Notable quotes / insights
- “There are people who are at the same time loving and lying.” — Esther Perel
- “Pick a story that for the moment is good enough — that allows you to sleep, to meet new people, to not second-guess yourself all the time.” — Esther Perel
- “Secondary naivete”: the idea of loving again with eyes open — cautious, slower, alert but still available to intimacy.

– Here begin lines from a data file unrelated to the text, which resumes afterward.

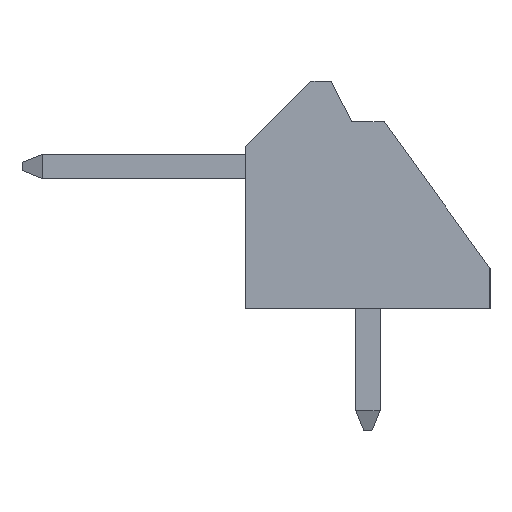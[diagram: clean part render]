
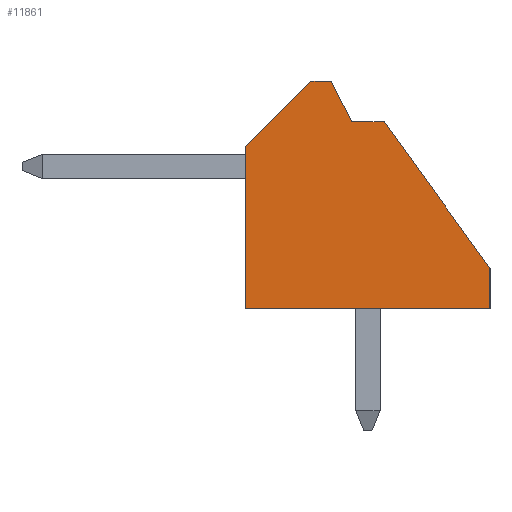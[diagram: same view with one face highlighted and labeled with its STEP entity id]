
A CAD part, left-side view. The second image highlights one B-rep face of the part: STEP entity #11861.
In plain terms, the highlighted planar face has unit normal (-1, 0, 0).
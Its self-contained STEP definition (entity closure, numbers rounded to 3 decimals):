
#11594 = VERTEX_POINT('',#11595);
#11595 = CARTESIAN_POINT('',(-1.25,0.4,4.6));
#11604 = PLANE('',#11605);
#11605 = AXIS2_PLACEMENT_3D('',#11606,#11607,#11608);
#11606 = CARTESIAN_POINT('',(-1.25,0.4,4.6));
#11607 = DIRECTION('',(0.,0.,-1.));
#11608 = DIRECTION('',(0.,-1.,0.));
#11616 = PLANE('',#11617);
#11617 = AXIS2_PLACEMENT_3D('',#11618,#11619,#11620);
#11618 = CARTESIAN_POINT('',(-1.25,0.4,4.6));
#11619 = DIRECTION('',(0.,-0.894,0.447));
#11620 = DIRECTION('',(0.,0.447,0.894));
#11657 = VERTEX_POINT('',#11658);
#11658 = CARTESIAN_POINT('',(-1.25,-0.4,4.6));
#11672 = PLANE('',#11673);
#11673 = AXIS2_PLACEMENT_3D('',#11674,#11675,#11676);
#11674 = CARTESIAN_POINT('',(-1.25,-0.4,4.6));
#11675 = DIRECTION('',(0.,0.811,-0.585));
#11676 = DIRECTION('',(0.,-0.585,-0.811));
#11684 = EDGE_CURVE('',#11594,#11657,#11685,.T.);
#11685 = SURFACE_CURVE('',#11686,(#11690,#11697),.PCURVE_S1.);
#11686 = LINE('',#11687,#11688);
#11687 = CARTESIAN_POINT('',(-1.25,0.4,4.6));
#11688 = VECTOR('',#11689,1.);
#11689 = DIRECTION('',(0.,-1.,0.));
#11690 = PCURVE('',#11604,#11691);
#11691 = DEFINITIONAL_REPRESENTATION('',(#11692),#11696);
#11692 = LINE('',#11693,#11694);
#11693 = CARTESIAN_POINT('',(0.,-0.));
#11694 = VECTOR('',#11695,1.);
#11695 = DIRECTION('',(1.,0.));
#11696 = ( GEOMETRIC_REPRESENTATION_CONTEXT(2) 
PARAMETRIC_REPRESENTATION_CONTEXT() REPRESENTATION_CONTEXT('2D SPACE',''
  ) );
#11697 = PCURVE('',#11698,#11703);
#11698 = PLANE('',#11699);
#11699 = AXIS2_PLACEMENT_3D('',#11700,#11701,#11702);
#11700 = CARTESIAN_POINT('',(-1.25,0.384,2.186));
#11701 = DIRECTION('',(1.,0.,0.));
#11702 = DIRECTION('',(0.,0.,1.));
#11703 = DEFINITIONAL_REPRESENTATION('',(#11704),#11708);
#11704 = LINE('',#11705,#11706);
#11705 = CARTESIAN_POINT('',(2.414,-0.016));
#11706 = VECTOR('',#11707,1.);
#11707 = DIRECTION('',(0.,1.));
#11708 = ( GEOMETRIC_REPRESENTATION_CONTEXT(2) 
PARAMETRIC_REPRESENTATION_CONTEXT() REPRESENTATION_CONTEXT('2D SPACE',''
  ) );
#11738 = VERTEX_POINT('',#11739);
#11739 = CARTESIAN_POINT('',(-1.25,0.9,5.6));
#11753 = PLANE('',#11754);
#11754 = AXIS2_PLACEMENT_3D('',#11755,#11756,#11757);
#11755 = CARTESIAN_POINT('',(-1.25,1.4,5.6));
#11756 = DIRECTION('',(0.,0.,-1.));
#11757 = DIRECTION('',(0.,-1.,0.));
#11765 = EDGE_CURVE('',#11594,#11738,#11766,.T.);
#11766 = SURFACE_CURVE('',#11767,(#11771,#11778),.PCURVE_S1.);
#11767 = LINE('',#11768,#11769);
#11768 = CARTESIAN_POINT('',(-1.25,0.4,4.6));
#11769 = VECTOR('',#11770,1.);
#11770 = DIRECTION('',(0.,0.447,0.894));
#11771 = PCURVE('',#11616,#11772);
#11772 = DEFINITIONAL_REPRESENTATION('',(#11773),#11777);
#11773 = LINE('',#11774,#11775);
#11774 = CARTESIAN_POINT('',(0.,0.));
#11775 = VECTOR('',#11776,1.);
#11776 = DIRECTION('',(1.,0.));
#11777 = ( GEOMETRIC_REPRESENTATION_CONTEXT(2) 
PARAMETRIC_REPRESENTATION_CONTEXT() REPRESENTATION_CONTEXT('2D SPACE',''
  ) );
#11778 = PCURVE('',#11698,#11779);
#11779 = DEFINITIONAL_REPRESENTATION('',(#11780),#11784);
#11780 = LINE('',#11781,#11782);
#11781 = CARTESIAN_POINT('',(2.414,-0.016));
#11782 = VECTOR('',#11783,1.);
#11783 = DIRECTION('',(0.894,-0.447));
#11784 = ( GEOMETRIC_REPRESENTATION_CONTEXT(2) 
PARAMETRIC_REPRESENTATION_CONTEXT() REPRESENTATION_CONTEXT('2D SPACE',''
  ) );
#11814 = VERTEX_POINT('',#11815);
#11815 = CARTESIAN_POINT('',(-1.25,-3.,1.));
#11829 = PLANE('',#11830);
#11830 = AXIS2_PLACEMENT_3D('',#11831,#11832,#11833);
#11831 = CARTESIAN_POINT('',(-1.25,-3.,1.));
#11832 = DIRECTION('',(0.,1.,0.));
#11833 = DIRECTION('',(0.,0.,-1.));
#11841 = EDGE_CURVE('',#11657,#11814,#11842,.T.);
#11842 = SURFACE_CURVE('',#11843,(#11847,#11854),.PCURVE_S1.);
#11843 = LINE('',#11844,#11845);
#11844 = CARTESIAN_POINT('',(-1.25,-0.4,4.6));
#11845 = VECTOR('',#11846,1.);
#11846 = DIRECTION('',(0.,-0.585,-0.811));
#11847 = PCURVE('',#11672,#11848);
#11848 = DEFINITIONAL_REPRESENTATION('',(#11849),#11853);
#11849 = LINE('',#11850,#11851);
#11850 = CARTESIAN_POINT('',(0.,0.));
#11851 = VECTOR('',#11852,1.);
#11852 = DIRECTION('',(1.,0.));
#11853 = ( GEOMETRIC_REPRESENTATION_CONTEXT(2) 
PARAMETRIC_REPRESENTATION_CONTEXT() REPRESENTATION_CONTEXT('2D SPACE',''
  ) );
#11854 = PCURVE('',#11698,#11855);
#11855 = DEFINITIONAL_REPRESENTATION('',(#11856),#11860);
#11856 = LINE('',#11857,#11858);
#11857 = CARTESIAN_POINT('',(2.414,0.784));
#11858 = VECTOR('',#11859,1.);
#11859 = DIRECTION('',(-0.811,0.585));
#11860 = ( GEOMETRIC_REPRESENTATION_CONTEXT(2) 
PARAMETRIC_REPRESENTATION_CONTEXT() REPRESENTATION_CONTEXT('2D SPACE',''
  ) );
#11861 = ADVANCED_FACE('',(#11862),#11698,.F.);
#11862 = FACE_BOUND('',#11863,.F.);
#11863 = EDGE_LOOP('',(#11864,#11865,#11866,#11889,#11917,#11945,#11973,
    #11994));
#11864 = ORIENTED_EDGE('',*,*,#11684,.T.);
#11865 = ORIENTED_EDGE('',*,*,#11841,.T.);
#11866 = ORIENTED_EDGE('',*,*,#11867,.T.);
#11867 = EDGE_CURVE('',#11814,#11868,#11870,.T.);
#11868 = VERTEX_POINT('',#11869);
#11869 = CARTESIAN_POINT('',(-1.25,-3.,0.));
#11870 = SURFACE_CURVE('',#11871,(#11875,#11882),.PCURVE_S1.);
#11871 = LINE('',#11872,#11873);
#11872 = CARTESIAN_POINT('',(-1.25,-3.,1.));
#11873 = VECTOR('',#11874,1.);
#11874 = DIRECTION('',(0.,0.,-1.));
#11875 = PCURVE('',#11698,#11876);
#11876 = DEFINITIONAL_REPRESENTATION('',(#11877),#11881);
#11877 = LINE('',#11878,#11879);
#11878 = CARTESIAN_POINT('',(-1.186,3.384));
#11879 = VECTOR('',#11880,1.);
#11880 = DIRECTION('',(-1.,0.));
#11881 = ( GEOMETRIC_REPRESENTATION_CONTEXT(2) 
PARAMETRIC_REPRESENTATION_CONTEXT() REPRESENTATION_CONTEXT('2D SPACE',''
  ) );
#11882 = PCURVE('',#11829,#11883);
#11883 = DEFINITIONAL_REPRESENTATION('',(#11884),#11888);
#11884 = LINE('',#11885,#11886);
#11885 = CARTESIAN_POINT('',(0.,0.));
#11886 = VECTOR('',#11887,1.);
#11887 = DIRECTION('',(1.,0.));
#11888 = ( GEOMETRIC_REPRESENTATION_CONTEXT(2) 
PARAMETRIC_REPRESENTATION_CONTEXT() REPRESENTATION_CONTEXT('2D SPACE',''
  ) );
#11889 = ORIENTED_EDGE('',*,*,#11890,.T.);
#11890 = EDGE_CURVE('',#11868,#11891,#11893,.T.);
#11891 = VERTEX_POINT('',#11892);
#11892 = CARTESIAN_POINT('',(-1.25,3.,0.));
#11893 = SURFACE_CURVE('',#11894,(#11898,#11905),.PCURVE_S1.);
#11894 = LINE('',#11895,#11896);
#11895 = CARTESIAN_POINT('',(-1.25,-3.,0.));
#11896 = VECTOR('',#11897,1.);
#11897 = DIRECTION('',(0.,1.,0.));
#11898 = PCURVE('',#11698,#11899);
#11899 = DEFINITIONAL_REPRESENTATION('',(#11900),#11904);
#11900 = LINE('',#11901,#11902);
#11901 = CARTESIAN_POINT('',(-2.186,3.384));
#11902 = VECTOR('',#11903,1.);
#11903 = DIRECTION('',(0.,-1.));
#11904 = ( GEOMETRIC_REPRESENTATION_CONTEXT(2) 
PARAMETRIC_REPRESENTATION_CONTEXT() REPRESENTATION_CONTEXT('2D SPACE',''
  ) );
#11905 = PCURVE('',#11906,#11911);
#11906 = PLANE('',#11907);
#11907 = AXIS2_PLACEMENT_3D('',#11908,#11909,#11910);
#11908 = CARTESIAN_POINT('',(-1.25,-3.,0.));
#11909 = DIRECTION('',(0.,0.,1.));
#11910 = DIRECTION('',(0.,1.,0.));
#11911 = DEFINITIONAL_REPRESENTATION('',(#11912),#11916);
#11912 = LINE('',#11913,#11914);
#11913 = CARTESIAN_POINT('',(0.,0.));
#11914 = VECTOR('',#11915,1.);
#11915 = DIRECTION('',(1.,0.));
#11916 = ( GEOMETRIC_REPRESENTATION_CONTEXT(2) 
PARAMETRIC_REPRESENTATION_CONTEXT() REPRESENTATION_CONTEXT('2D SPACE',''
  ) );
#11917 = ORIENTED_EDGE('',*,*,#11918,.T.);
#11918 = EDGE_CURVE('',#11891,#11919,#11921,.T.);
#11919 = VERTEX_POINT('',#11920);
#11920 = CARTESIAN_POINT('',(-1.25,3.,4.));
#11921 = SURFACE_CURVE('',#11922,(#11926,#11933),.PCURVE_S1.);
#11922 = LINE('',#11923,#11924);
#11923 = CARTESIAN_POINT('',(-1.25,3.,0.));
#11924 = VECTOR('',#11925,1.);
#11925 = DIRECTION('',(0.,0.,1.));
#11926 = PCURVE('',#11698,#11927);
#11927 = DEFINITIONAL_REPRESENTATION('',(#11928),#11932);
#11928 = LINE('',#11929,#11930);
#11929 = CARTESIAN_POINT('',(-2.186,-2.616));
#11930 = VECTOR('',#11931,1.);
#11931 = DIRECTION('',(1.,0.));
#11932 = ( GEOMETRIC_REPRESENTATION_CONTEXT(2) 
PARAMETRIC_REPRESENTATION_CONTEXT() REPRESENTATION_CONTEXT('2D SPACE',''
  ) );
#11933 = PCURVE('',#11934,#11939);
#11934 = PLANE('',#11935);
#11935 = AXIS2_PLACEMENT_3D('',#11936,#11937,#11938);
#11936 = CARTESIAN_POINT('',(-1.25,3.,0.));
#11937 = DIRECTION('',(0.,-1.,0.));
#11938 = DIRECTION('',(0.,0.,1.));
#11939 = DEFINITIONAL_REPRESENTATION('',(#11940),#11944);
#11940 = LINE('',#11941,#11942);
#11941 = CARTESIAN_POINT('',(0.,0.));
#11942 = VECTOR('',#11943,1.);
#11943 = DIRECTION('',(1.,0.));
#11944 = ( GEOMETRIC_REPRESENTATION_CONTEXT(2) 
PARAMETRIC_REPRESENTATION_CONTEXT() REPRESENTATION_CONTEXT('2D SPACE',''
  ) );
#11945 = ORIENTED_EDGE('',*,*,#11946,.F.);
#11946 = EDGE_CURVE('',#11947,#11919,#11949,.T.);
#11947 = VERTEX_POINT('',#11948);
#11948 = CARTESIAN_POINT('',(-1.25,1.4,5.6));
#11949 = SURFACE_CURVE('',#11950,(#11954,#11961),.PCURVE_S1.);
#11950 = LINE('',#11951,#11952);
#11951 = CARTESIAN_POINT('',(-1.25,1.4,5.6));
#11952 = VECTOR('',#11953,1.);
#11953 = DIRECTION('',(0.,0.707,-0.707));
#11954 = PCURVE('',#11698,#11955);
#11955 = DEFINITIONAL_REPRESENTATION('',(#11956),#11960);
#11956 = LINE('',#11957,#11958);
#11957 = CARTESIAN_POINT('',(3.414,-1.016));
#11958 = VECTOR('',#11959,1.);
#11959 = DIRECTION('',(-0.707,-0.707));
#11960 = ( GEOMETRIC_REPRESENTATION_CONTEXT(2) 
PARAMETRIC_REPRESENTATION_CONTEXT() REPRESENTATION_CONTEXT('2D SPACE',''
  ) );
#11961 = PCURVE('',#11962,#11967);
#11962 = PLANE('',#11963);
#11963 = AXIS2_PLACEMENT_3D('',#11964,#11965,#11966);
#11964 = CARTESIAN_POINT('',(-1.25,1.4,5.6));
#11965 = DIRECTION('',(0.,0.707,0.707));
#11966 = DIRECTION('',(0.,0.707,-0.707));
#11967 = DEFINITIONAL_REPRESENTATION('',(#11968),#11972);
#11968 = LINE('',#11969,#11970);
#11969 = CARTESIAN_POINT('',(0.,0.));
#11970 = VECTOR('',#11971,1.);
#11971 = DIRECTION('',(1.,0.));
#11972 = ( GEOMETRIC_REPRESENTATION_CONTEXT(2) 
PARAMETRIC_REPRESENTATION_CONTEXT() REPRESENTATION_CONTEXT('2D SPACE',''
  ) );
#11973 = ORIENTED_EDGE('',*,*,#11974,.T.);
#11974 = EDGE_CURVE('',#11947,#11738,#11975,.T.);
#11975 = SURFACE_CURVE('',#11976,(#11980,#11987),.PCURVE_S1.);
#11976 = LINE('',#11977,#11978);
#11977 = CARTESIAN_POINT('',(-1.25,1.4,5.6));
#11978 = VECTOR('',#11979,1.);
#11979 = DIRECTION('',(0.,-1.,0.));
#11980 = PCURVE('',#11698,#11981);
#11981 = DEFINITIONAL_REPRESENTATION('',(#11982),#11986);
#11982 = LINE('',#11983,#11984);
#11983 = CARTESIAN_POINT('',(3.414,-1.016));
#11984 = VECTOR('',#11985,1.);
#11985 = DIRECTION('',(0.,1.));
#11986 = ( GEOMETRIC_REPRESENTATION_CONTEXT(2) 
PARAMETRIC_REPRESENTATION_CONTEXT() REPRESENTATION_CONTEXT('2D SPACE',''
  ) );
#11987 = PCURVE('',#11753,#11988);
#11988 = DEFINITIONAL_REPRESENTATION('',(#11989),#11993);
#11989 = LINE('',#11990,#11991);
#11990 = CARTESIAN_POINT('',(0.,-0.));
#11991 = VECTOR('',#11992,1.);
#11992 = DIRECTION('',(1.,0.));
#11993 = ( GEOMETRIC_REPRESENTATION_CONTEXT(2) 
PARAMETRIC_REPRESENTATION_CONTEXT() REPRESENTATION_CONTEXT('2D SPACE',''
  ) );
#11994 = ORIENTED_EDGE('',*,*,#11765,.F.);

- On therapists: “How much power do you want to give my profession?” — a reminder that a single clinician’s interpretation can wield outsized influence.
Red flags and behavioral indicators from the transcript
- Persistent sexual secrecy and parallel sexual relationships.
- Boundary violations at work (sexualized photos, harassment claim involving a minor-aged colleague).
- Alternating ambivalence: rapid shifts between tears/attachment and withdrawal/breakup.
- Refusal of sustained transparency and eventual blocking of contact.
- Rapid replacement/engagement soon after breakup.
Esther’s practical guidance (implicit and explicit)
- Reclaim narrative power: Don’t let a single therapist or one person’s actions completely rewrite your internal story; take back what you can about how you understand your life.
- Choose a provisional story: Adopt a “good enough” narrative for now — one that permits sleep, healing, and the ability to reengage with life.
- Grieve and allow ambiguity: Recognize the pain, rage, and confusion; accept complexity rather than forcing either/or answers.
- Seek a therapist who tolerates complexity: Find professional support that can sit with nuance, uncertainty, and help you take steady steps forward.
- Reopen your eyes gradually: Practice secondary naivete — be cautious but allow the possibility of new attachment and trust-building, checking actions over words.
- Stop exhaustive fact-finding if it prevents healing: Endless verification can prolong trauma and keep the perpetrator in power.
Concrete next steps (recommended)
- Establish clear boundaries: Consider no-contact or tightly limited contact while you heal.
- Find sustained therapy: Look for a clinician who will hold nuance and help with grief, trauma, and rebuilding trust.
- Stop or limit fact-finding/checking that keeps you ruminating and retraumatized.
- Reconnect with supportive friends/family who can validate your experience and help counter isolation.
- Allow grieving practices: permit yourself to mourn the relationship and the lost sense of certainty.
- When ready, date slowly and openly: Ask questions about fidelity, values, and emotional availability; observe consistency of actions over time.
Final synthesis
Esther’s core message: your felt experience of being loved was real and meaningful, even if it coexisted with deception. Rather than forcing a definitive moral label onto the partner or allowing one therapist’s assessment to dictate your reality, reclaim your story, grieve the loss, and open to loving again with “eyes open” — cautious, deliberate, and guided by boundaries and evidence of consistent behavior. The healing path requires both protecting yourself and not letting one person’s betrayal freeze you out of future intimacy.